We discovered during a survey - albeit unscientific and anecdotal - that retail bank executives refer to their customers as objects. In the upscale business groups, meanwhile, customers were spoken of more as people.

Consider the evidence: Rather than using "who" when referring to customers, many executives, at least in conversations with the media, use "that." The following real-life examples were all too easy to find:

"Especially for customers that only use voice-response systems."

"Customers that want to buy."

"The people that choose."

Not exactly high crimes and misdemeanors to arouse the wrath of regulators, but trust and private bankers' language is different:

"People who have earned their wealth look at it differently from people who have inherited their wealth."

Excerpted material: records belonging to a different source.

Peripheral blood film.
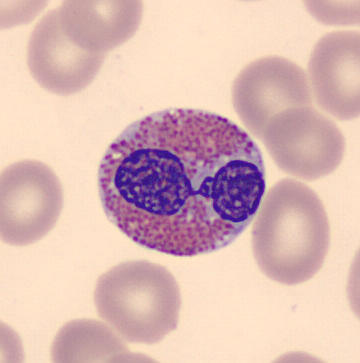 The cell is eosinophilic granulocyte.
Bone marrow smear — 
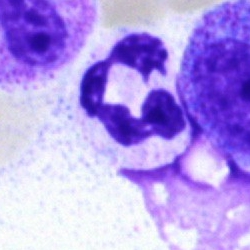

The cell type is segmented neutrophil.
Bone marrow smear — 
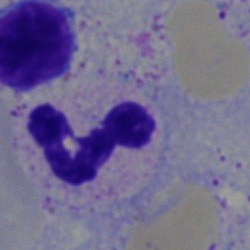
Single cell identified as a polymorphonuclear neutrophil.
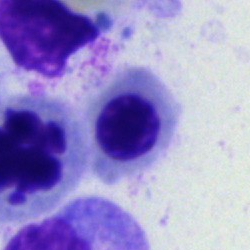
The morphological class is erythroblast.
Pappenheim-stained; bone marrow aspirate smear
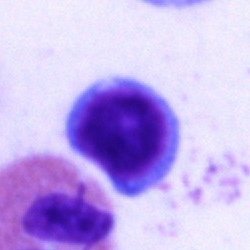

Cell type: lymphocyte.

"We have an increasing number of clients who also want to have the option of electronic touch."

Perhaps it has something to do with the amount of money at stake. Whatever the case, trust and private bankers seem less likely to forget that a "client" is a somebody, if not actually in "Who's Who."

In any event, it's obvious the grammatical slip-ups so common in the industry are unintentional. As one retail banker noted, "The customer is the most important thing we have." (Emphasis added.)